Streamers Turn To LCEVC For Live Encoding

Low Complexity Enhancement Video Coding (LCEVC), otherwise known as MPEG-5 Part 2, has emerged as de facto codec of the year after adoption by a number of broadcasters and technology companies, as well as promotion to MPEG/ISO final draft international standard in November 2020.

The fact LCEVC enhances rather than competes with existing codecs has become its great strength.

LCEVC has benefited from the rivalry between the emerging codecs with their escalation in complexity and computational cost, offering a port of calm in the storm. It is not an ultimate solution to the problem of ongoing demand for greater coding efficiency but at least delays the need to upgrade to a new codec. It is backwards compatible with legacy codecs, with the enhancement layer crucially able to execute on existing commodity hardware rather than requiring a new dedicated ASIC or FPGA (Field Programmable Gate Array).

While that ability to be deployed as a software upgrade is essential for LCEVC’s temporary success, the reason for its current traction for live streaming, especially sports, is its computational economy. Live streaming is challenging for encoding because there is less time for the processing and also a shortage of computational power available on client devices such as smartphones and even laptops for decoding video compressed with advanced algorithms. LCEVC cuts total encoding time by up to at least 50% compared with a baseline codec for a specified video resolution.

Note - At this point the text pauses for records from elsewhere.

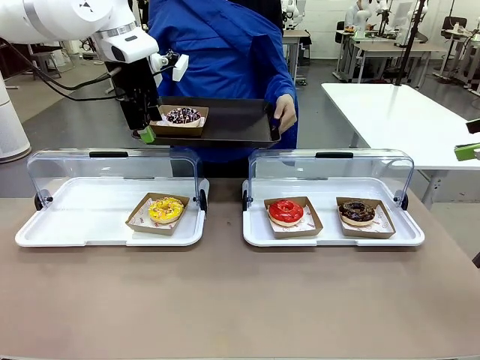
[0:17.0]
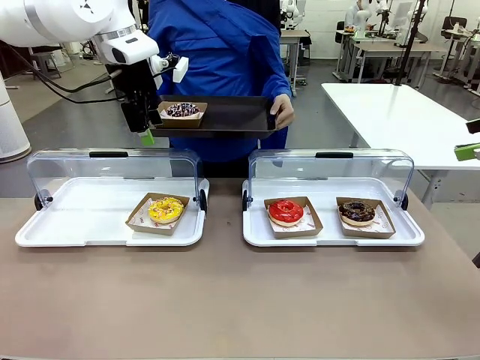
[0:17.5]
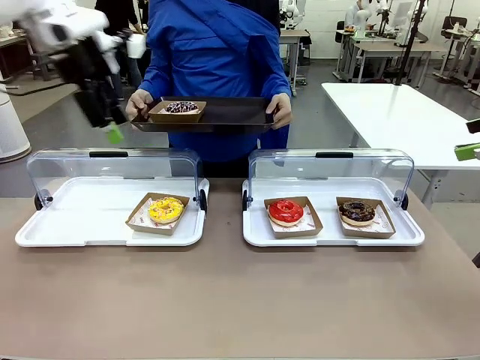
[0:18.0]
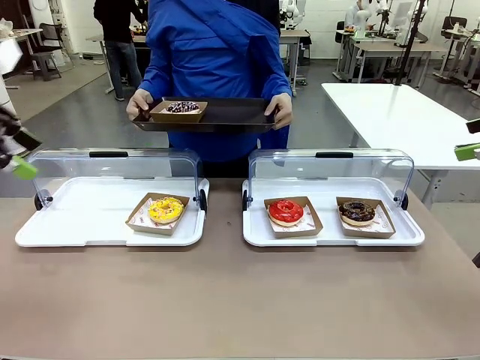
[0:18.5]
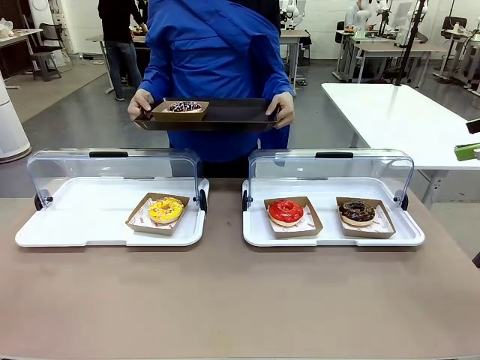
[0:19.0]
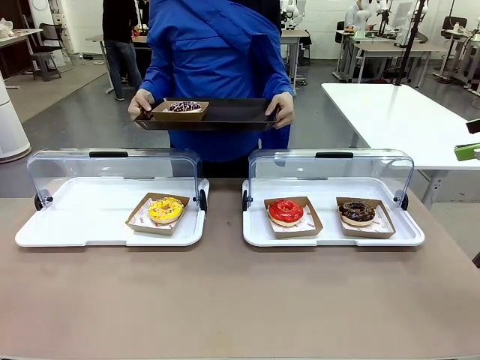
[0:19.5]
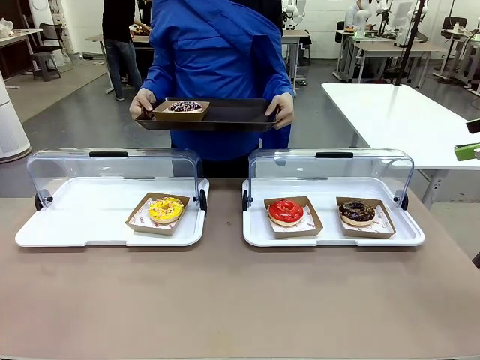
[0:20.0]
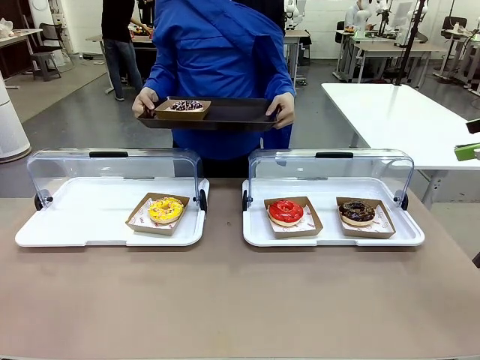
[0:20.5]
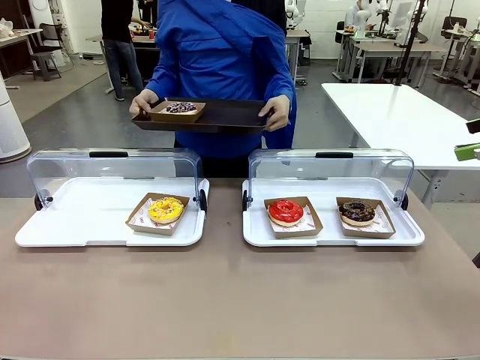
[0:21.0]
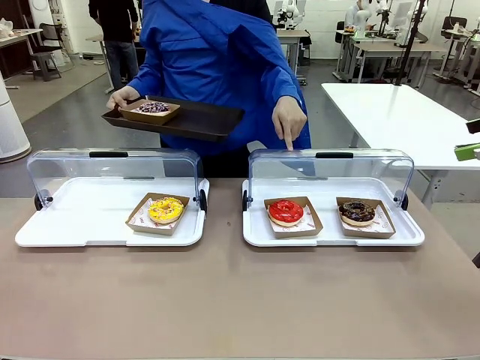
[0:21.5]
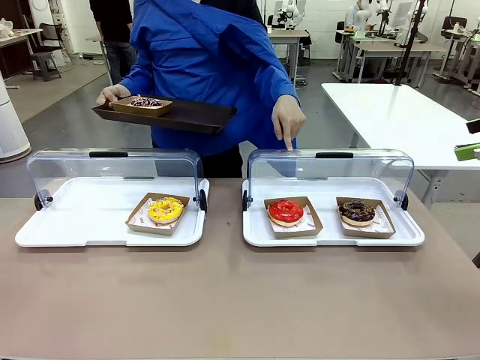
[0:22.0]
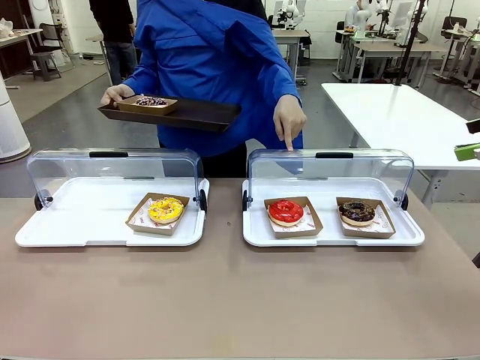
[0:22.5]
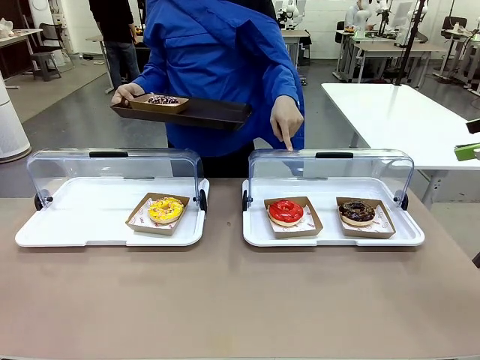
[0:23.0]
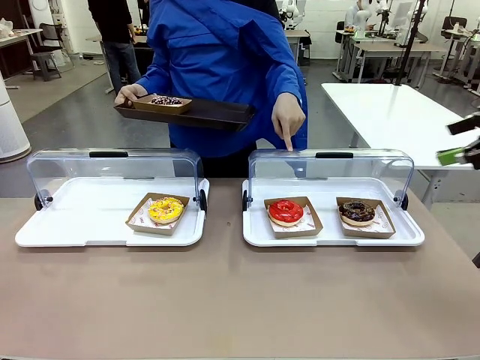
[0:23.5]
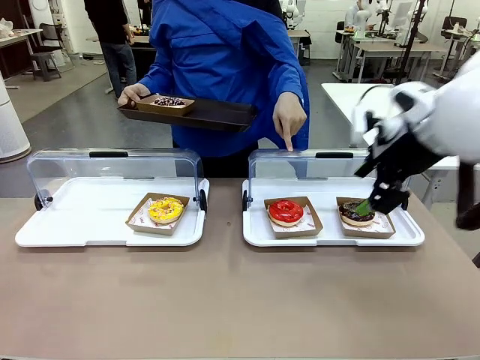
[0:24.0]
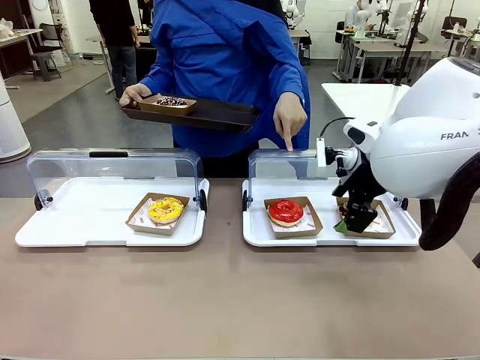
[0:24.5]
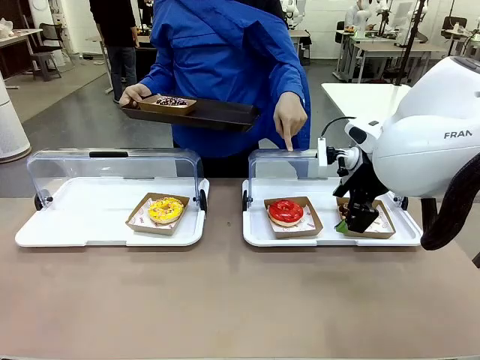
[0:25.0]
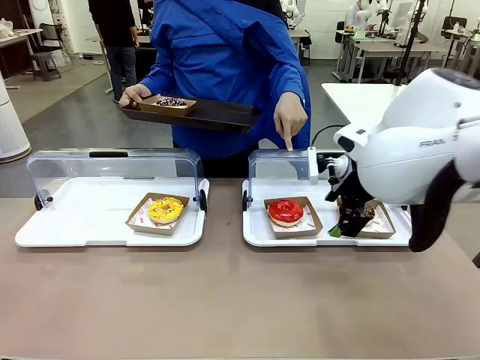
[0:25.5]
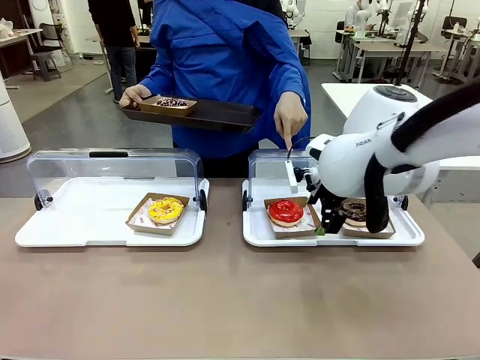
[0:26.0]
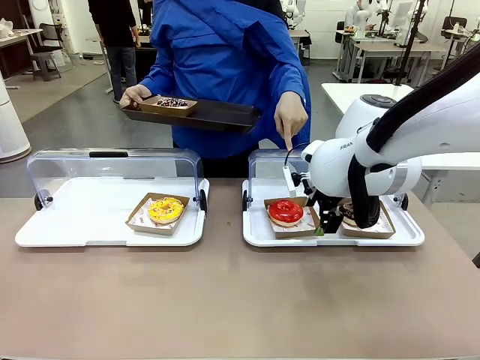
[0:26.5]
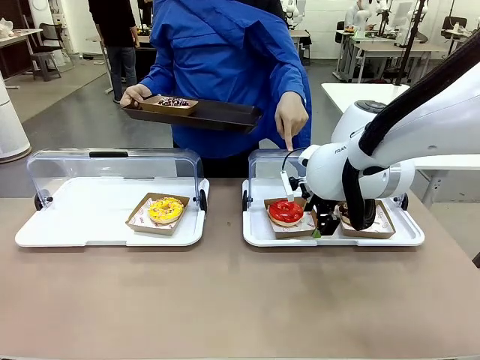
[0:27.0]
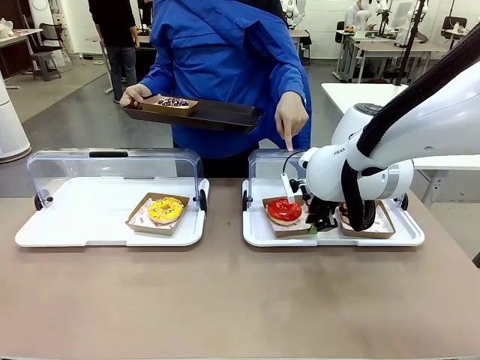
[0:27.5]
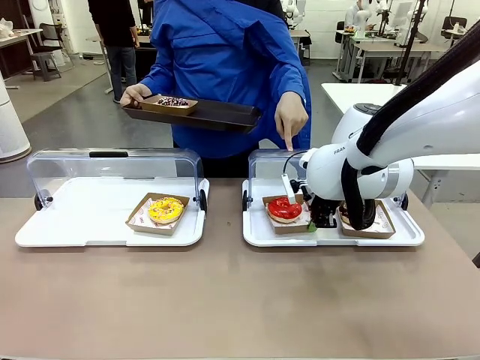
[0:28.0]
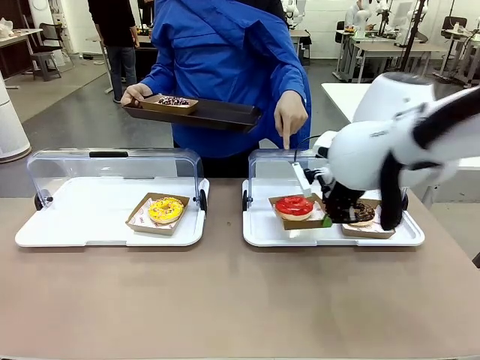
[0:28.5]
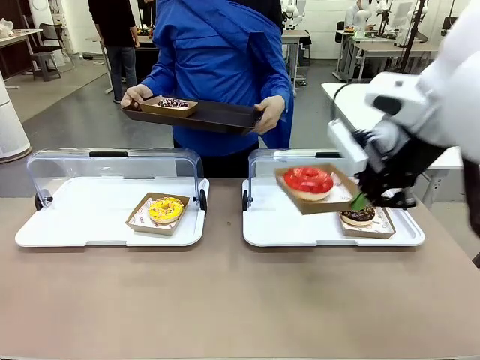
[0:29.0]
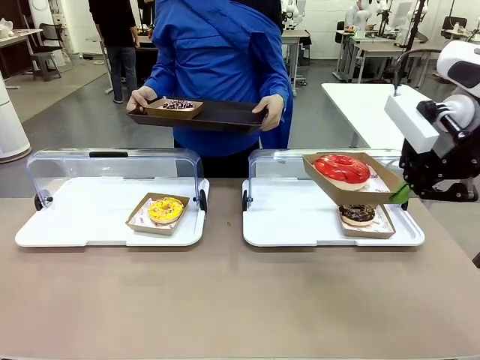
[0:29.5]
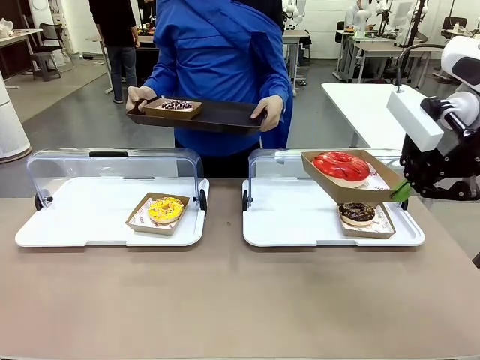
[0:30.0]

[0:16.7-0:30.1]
Task: Provide the desired donut to the person.
Robot: Pick up and lift the Paper togo box containing the Donut pointed at by the person.
Person: Point to one donut. Lift the tray onto the Roll-Top Bakery Case.

This acceleration in encoding time is achieved largely through elimination of inter-block prediction, which then allows parallel processing of small 2x2 or 4x4 independent blocks within frames. With inter block prediction, as employed on many codecs, frames are divided into so called macroblocks to reduce data by seeking other such blocks similar to that one in previous frames, or reference frames, that have already been encoded. This process trades computational overhead and also a slight delay waiting for that previous frame, for saving in data. LCEVC by creating blocks that can encoded independently exploits the parallel processing capabilities inherent in standard CPUs.

This benefit has been acknowledged by influential players in the field, with Facebook’s director of video encoding David Ronca agreeing this has overcome an important hurdle that have made the supposedly advanced codecs like HEVC and AOM’s AV1 ill-suited in their present form on their own for live streaming. He and others have indicated it is not sustainable just to continue throwing CPU capacity at the problem and enhancing codecs on that basis.

Eleven Sports, a UK based group of multinational sports channels, has emerged as an LCEVC evangelist, as its CEO Luis Vicente pointed out. “As a leading global sports and e-sports media destination, we are extremely excited by the game-changing opportunities presented by MPEG-5 LCEVC,” he said. It will change the world of sports, media and entertainment video delivery, providing a better service at a substantially lower cost. We are definitely looking to become an early adopter.”

Al Jazeera believes LCEVC will have a major impact on global streaming beyond sports, even if that is a major driver. “LCEVC will become a cornerstone of video content distribution thanks to its compatibility with all baseline codecs, such as H.264, HEVC and AV1,” said Fathi Albatie, broadcast services lead at Al Jazeera Media Network. “I can see LCEVC shaking up the streaming business immediately.”

The basic principle of LCEVC is that video is encoded at a base resolution using a given codec, while simultaneously residual frames are computed as differences between these low-level images and the desired target higher quality images. This reduces time by exploiting parallelism inherent in general purpose processors and enables quality to be enhanced at a given bit rate. Backwards compatibility is enabled by eliminating that inter-block prediction specific to individual codecs, enabling frames to be processed individually in parallel.